Detachment

"Three passions, simple but overwhelmingly strong, have governed my life: the longing for love, the search for knowledge, and unbearable pity for the suffering of mankind."  —Bertrand Russel:

I’m not quite sure how long it’s been since I’ve left Southern California, but it feels like ages. Part of it is because I’ve been so wrapped up in my own world– being an RA, an athlete, a tutor, a member of a couple organizations, and a student. But besides those roles, I’ve also been wrapped up in my own mind. I feel like I’ve hardly had time to myself (this is one of those rare moments where I’m alone in my room), yet at the same time I feel like I’m on my own. It’s a really weird feeling/balance, or maybe more like imbalance, but I’ve had a lot of time to reflect on certain things and I’ve come to the conclusion that Los Angeles has become foreign to me. The places, the people, everything as a whole… And I’ll admit, it all stems from the lack of love that I felt when I went back this summer and I found myself eager to escape and leave “forever” once again.
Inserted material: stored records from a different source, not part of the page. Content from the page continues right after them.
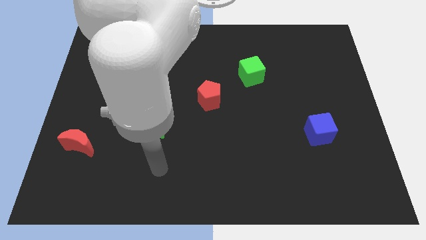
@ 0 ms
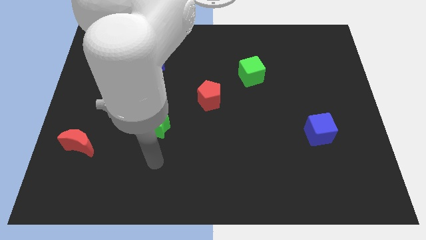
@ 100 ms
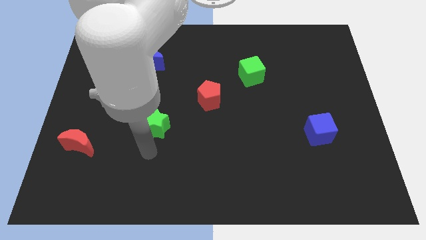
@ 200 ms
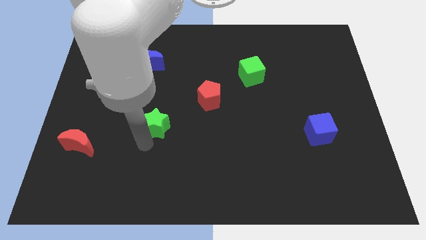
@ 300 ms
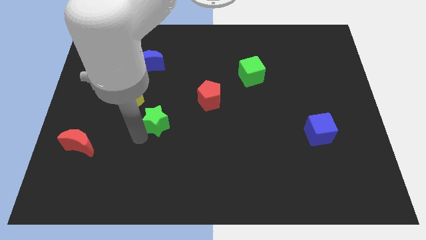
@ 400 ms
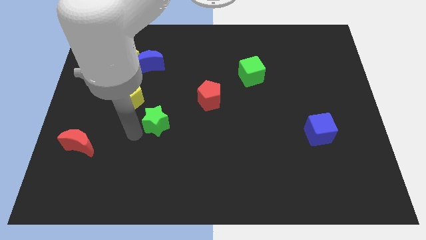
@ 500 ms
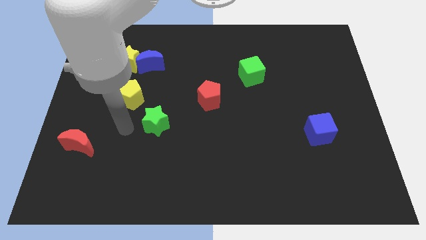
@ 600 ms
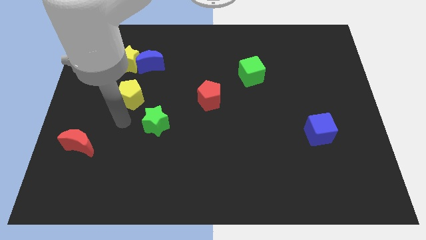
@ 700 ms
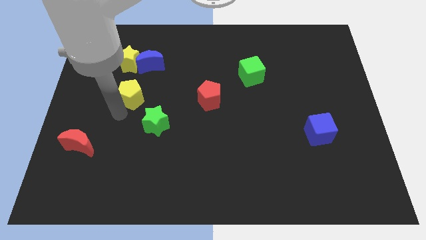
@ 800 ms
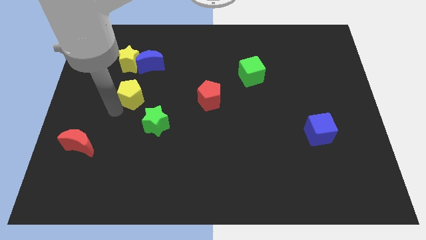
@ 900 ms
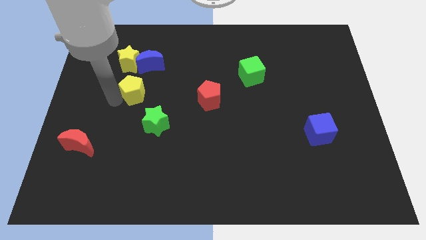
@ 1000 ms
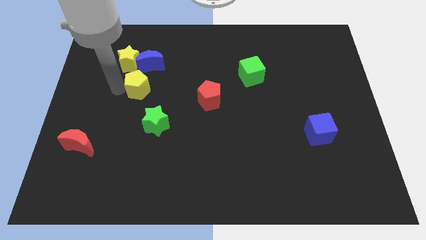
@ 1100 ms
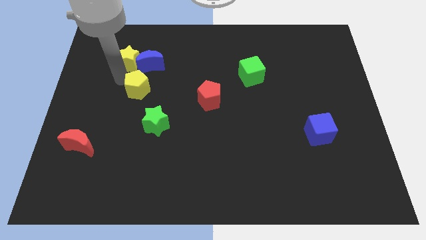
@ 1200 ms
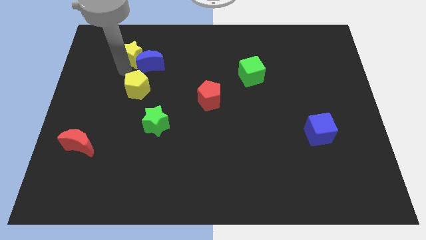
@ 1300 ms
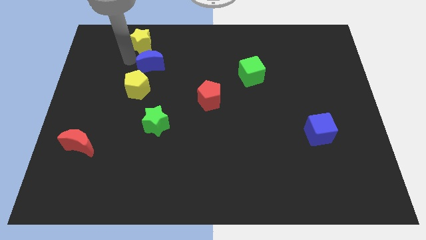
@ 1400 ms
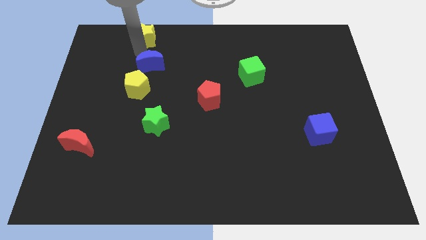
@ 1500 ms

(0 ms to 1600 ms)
pull the blue moon apart from the yellow star

It’s something that I can’t really even flesh out very well myself because how I feel about SoCal is just so complex. Don’t get me wrong– I have family and a couple of friends that I would never trade for anything in the world, but other than those that genuinely care about me, I think I’m at a point where I’ve emotionally let go of all my ties to everything else. There’s no desire to go back. No yearning to pick up where I’ve left off with others. And I think that’s okay, because everybody has their own lives that they must deal with, and unfortunately, some things will inevitably slip away.
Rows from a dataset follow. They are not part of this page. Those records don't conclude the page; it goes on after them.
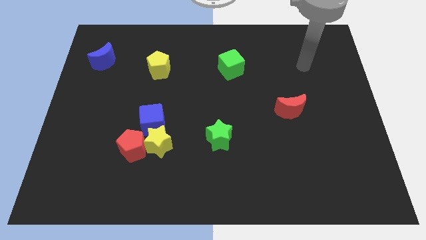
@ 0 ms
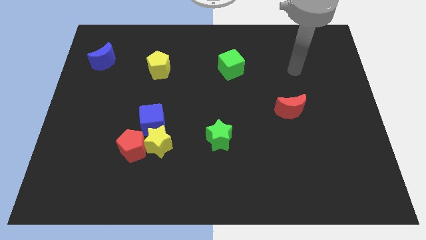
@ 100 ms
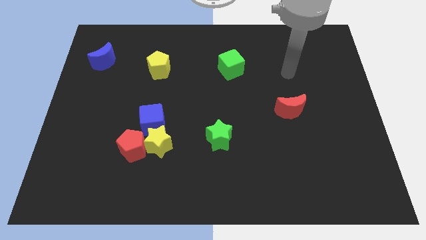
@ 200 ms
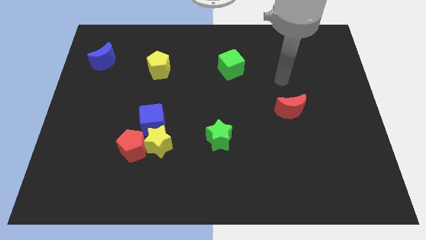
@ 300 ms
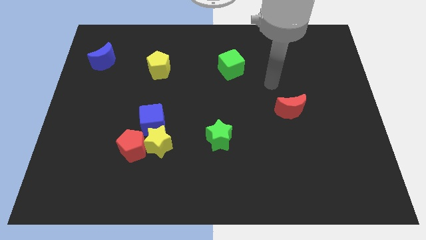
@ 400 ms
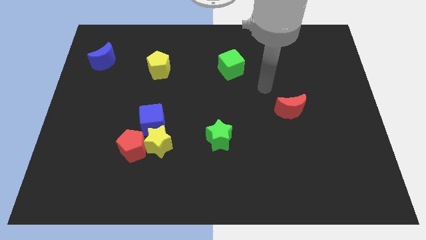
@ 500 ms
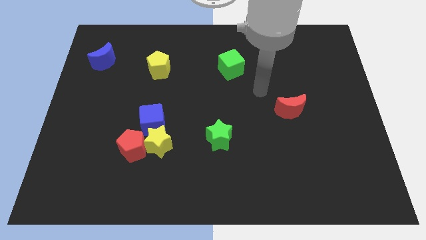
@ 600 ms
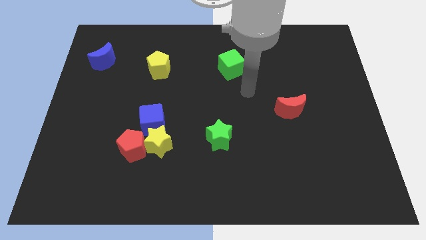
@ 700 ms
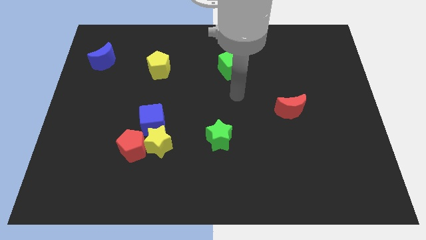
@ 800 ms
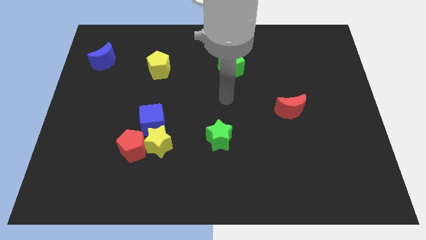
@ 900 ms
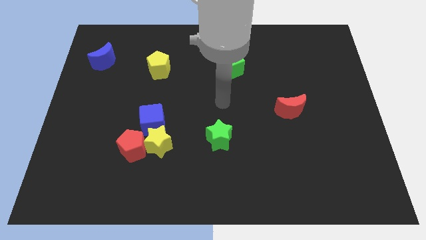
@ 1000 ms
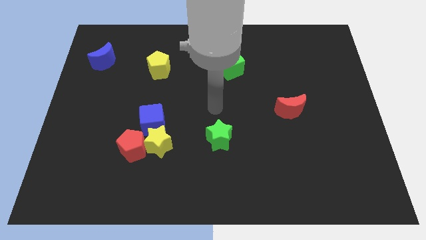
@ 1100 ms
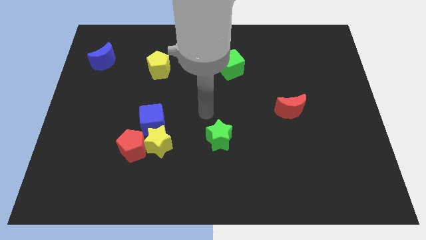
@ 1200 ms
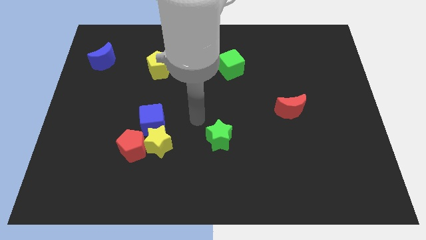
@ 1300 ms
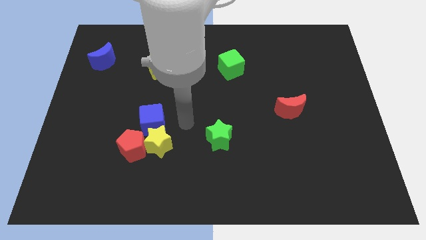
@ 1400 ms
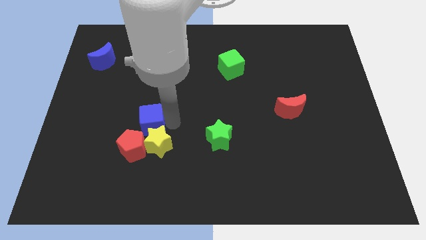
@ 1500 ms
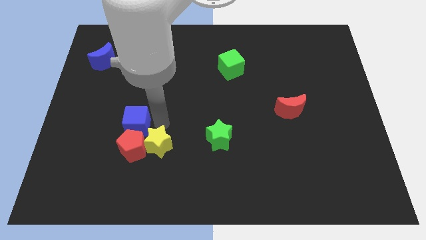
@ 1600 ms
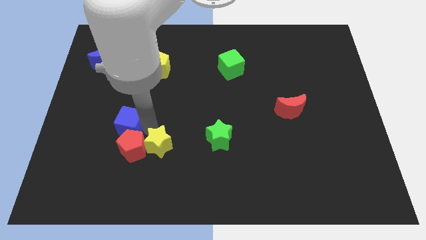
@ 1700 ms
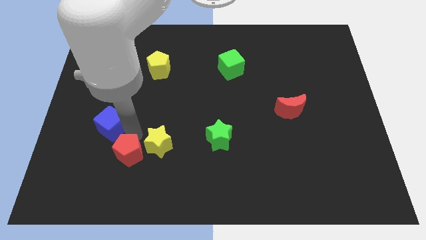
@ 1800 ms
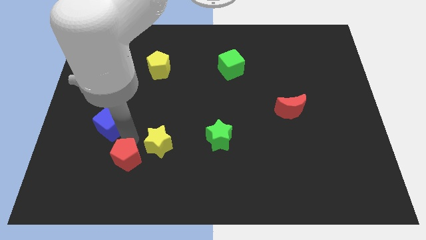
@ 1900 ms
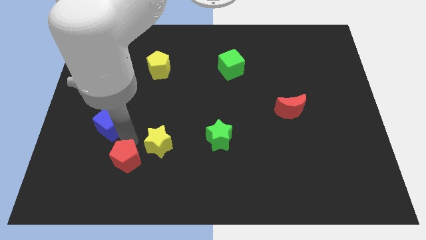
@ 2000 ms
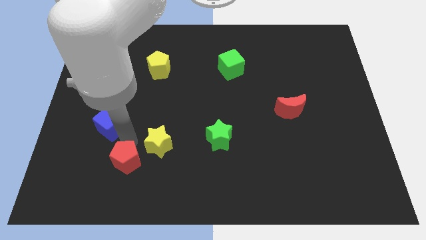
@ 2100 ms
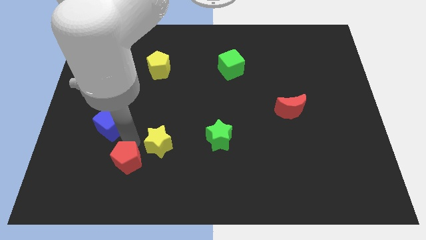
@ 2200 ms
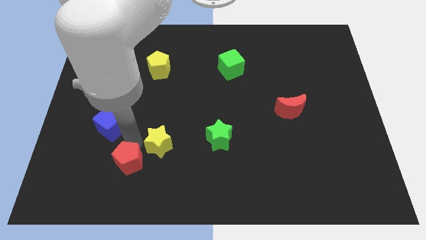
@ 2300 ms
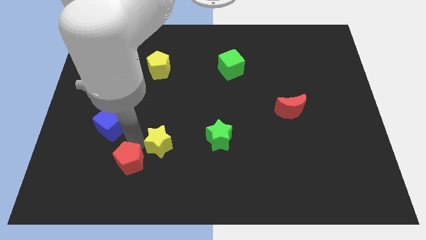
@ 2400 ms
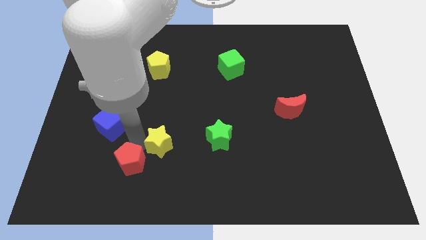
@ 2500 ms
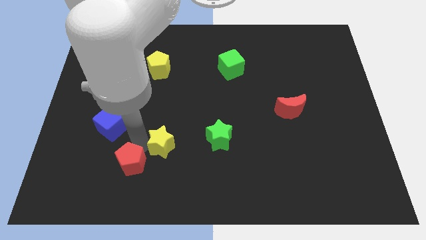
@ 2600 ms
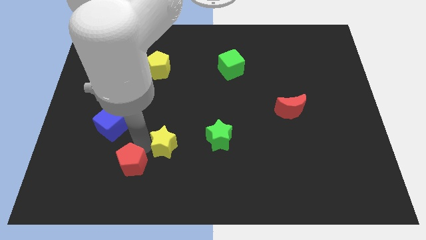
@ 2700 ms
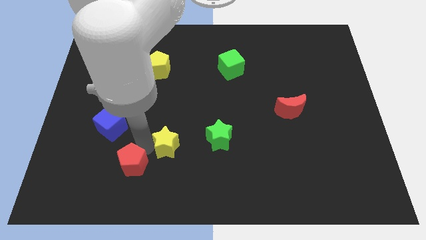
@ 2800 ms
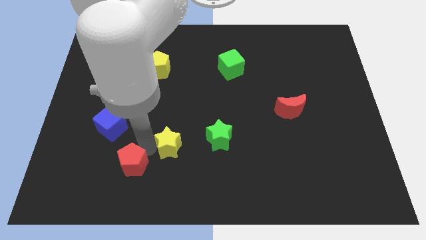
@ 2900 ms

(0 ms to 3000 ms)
move the yellow star away from the red pentagon and blue cube

I’m pretty shocked at this change that I feel within. I have always been a sensitive, highly-emotional person, so to feel almost numb towards something that used to be a big part of my life is so strange. I think I’m developing into this being that I am because of the tribulations and struggles that I’ve had to deal with as an RA… Sometimes, I have to let go. I’ve got to have thicker skin. Accept life and whatever it throws at me. It is what it is.
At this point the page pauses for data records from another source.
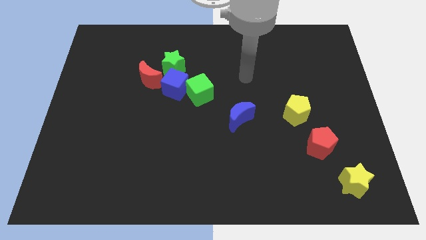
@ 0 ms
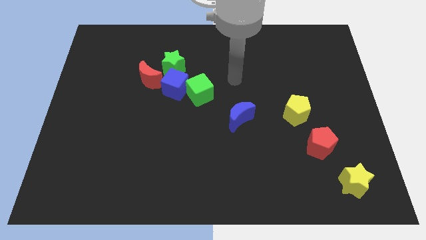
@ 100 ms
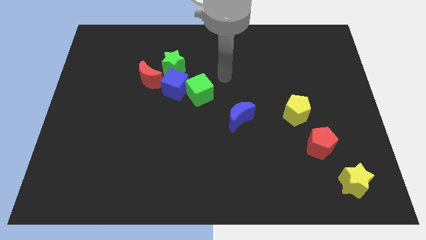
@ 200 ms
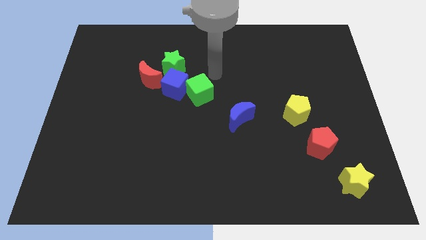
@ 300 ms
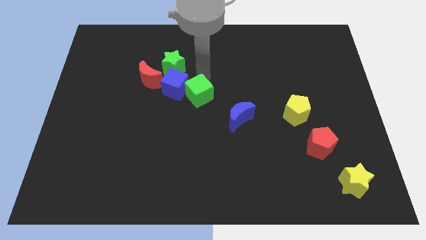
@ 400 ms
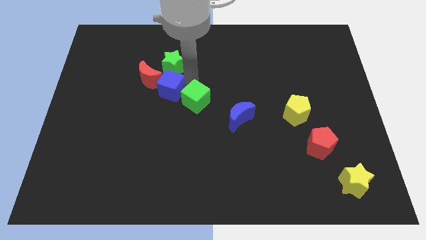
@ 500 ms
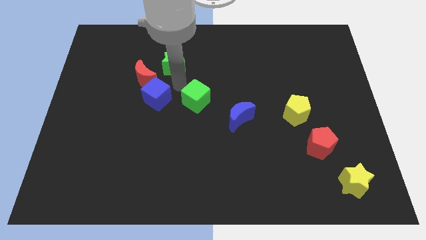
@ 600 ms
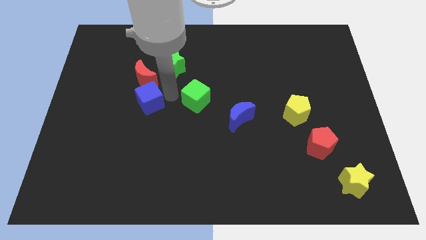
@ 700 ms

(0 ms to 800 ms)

With all that being said, I haven’t and will never ever forget my roots. I appreciate everything that I went through in Southern Cali because all those moments, wonderful relationships, and way of living have shaped me to be the individual that I am. There is no bitterness nor contempt, I simply feel like it’s time to focus on the present and devote myself to the few that love me just as much as I love them. And I’m still learning. I’m constantly turning my gears, questioning myself and my goals, checking myself before wrecking myself. Life can change at any given moment and there’s no use in dwelling in the past. It goes on.